Seperti disebut sejarawan Linda Sunarti, Adam Malik adalah paman dari istri Ghazali yang juga punya kekerabatan dengan Jenderal Abdul Haris Nasution. Kontak-kontak pertama antara Ghazali dan Adam Malik di Bangkok juga terjalin melalui Taher, juga seorang dari keluarga Adam Malik.
Baca juga: Kegamangan Sukarno Mengganyang Malaysia
“Bisa dikatakan adanya hubungan kekerabatan antara tokoh-tokoh yang terlibat mempermudah usaha-usaha penjajagan rujuk tersebut,” kata Linda dalam disertasinya di Universitas Indonesia “Penyelesaian Konflik Damai Indonesia Malaysia 1963--1966”.
Dalam pembicaraannya dengan Ghazali, Adam Malik secara pribadi ingin Presiden Sukarno segera dilengserkan. Ia dianggap sebagai sumber perpecahan. Terkait masalah konfrontasi, Adam Malik menegaskan, secara pribadi ia tidak setuju dengan kebijakan tersebut. Setelah pertemuan perdana itu, Adam Malik dan Ghazali terus mengadakan kontak secara pribadi.

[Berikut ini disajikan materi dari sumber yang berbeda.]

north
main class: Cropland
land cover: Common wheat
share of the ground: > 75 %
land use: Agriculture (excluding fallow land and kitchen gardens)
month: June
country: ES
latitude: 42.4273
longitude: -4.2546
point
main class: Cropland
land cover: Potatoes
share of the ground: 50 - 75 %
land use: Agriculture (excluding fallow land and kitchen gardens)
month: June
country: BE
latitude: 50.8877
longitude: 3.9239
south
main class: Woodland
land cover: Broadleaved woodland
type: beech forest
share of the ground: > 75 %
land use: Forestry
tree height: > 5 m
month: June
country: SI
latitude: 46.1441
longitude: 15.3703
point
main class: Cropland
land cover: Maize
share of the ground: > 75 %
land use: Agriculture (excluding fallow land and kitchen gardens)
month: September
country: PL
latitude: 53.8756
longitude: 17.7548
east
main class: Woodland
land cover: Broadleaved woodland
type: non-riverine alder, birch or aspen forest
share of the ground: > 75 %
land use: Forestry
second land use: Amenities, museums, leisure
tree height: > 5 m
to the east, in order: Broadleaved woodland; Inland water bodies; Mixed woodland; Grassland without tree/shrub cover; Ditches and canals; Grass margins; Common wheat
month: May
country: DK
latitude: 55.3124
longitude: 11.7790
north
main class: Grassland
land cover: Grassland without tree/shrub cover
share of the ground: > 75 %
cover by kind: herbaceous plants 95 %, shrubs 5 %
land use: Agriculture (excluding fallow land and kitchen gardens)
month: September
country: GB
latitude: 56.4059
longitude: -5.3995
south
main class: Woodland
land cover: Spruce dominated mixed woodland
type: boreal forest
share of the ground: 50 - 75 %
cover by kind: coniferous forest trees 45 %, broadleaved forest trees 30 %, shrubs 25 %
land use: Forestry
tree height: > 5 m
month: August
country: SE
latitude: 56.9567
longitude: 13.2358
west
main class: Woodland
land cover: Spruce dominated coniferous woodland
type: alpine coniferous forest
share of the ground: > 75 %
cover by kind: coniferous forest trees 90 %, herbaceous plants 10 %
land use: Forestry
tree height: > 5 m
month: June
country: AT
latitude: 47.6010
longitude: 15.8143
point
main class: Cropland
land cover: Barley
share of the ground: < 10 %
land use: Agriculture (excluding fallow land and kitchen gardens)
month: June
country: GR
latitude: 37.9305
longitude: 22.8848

Pada 11 Agustus 1966, lahirlah pakta perdamaian yang secara resmi menormalisasi kembali hubungan Indonesia dan Malaysia. Adam Malik bertindak sebagai pimpinan delegasi Indonesia sedangkan Menteri Luar Negeri Malaysia Tun Abdul Razak mewakili Malaysia. Keduanya menandatangani pakta perdamaian yang dikenal dengan Jakarta Accord.
Baca juga: Jakarta Accord Bikin Indonesia dan Malaysia Tak Saling Ngotot
Sementara itu, posisi Sukarno sebagai presiden kian melemah. Tampuk kekuasaan negara secara tidak resmi telah dipegang Jenderal Soeharto. Adam Malik sendiri menjabat menteri luar negeri hingga 1978. Setelahnya, Adam Malik menjabat wakil presiden mendampingi Presiden Soeharto hingga 1983.
Adam Malik dalam memoarnya Mengabdi Republik Jilid II: Angkatan 45 mengakui amat sukar untuk memahami pikiran Bung Karno. Adakalanya dia bilang A tapi yang dia maksud B. Ia menyerukan “Ganyang Malaysia” tetapi yang ingin diganyangnya sebenarnya kekuatan lain. Contohnya: Sukarno memerintahkan nasionalisasi kepentingan dan modal asing. Tapi nyatanya Caltex, Stanvac, dan Shell dibiarkannya beroperasi dan berkembang terus.
“Berliku-liku laksana aliran sungai yang berliku-liku menuju muara, memang sukar,” katanya.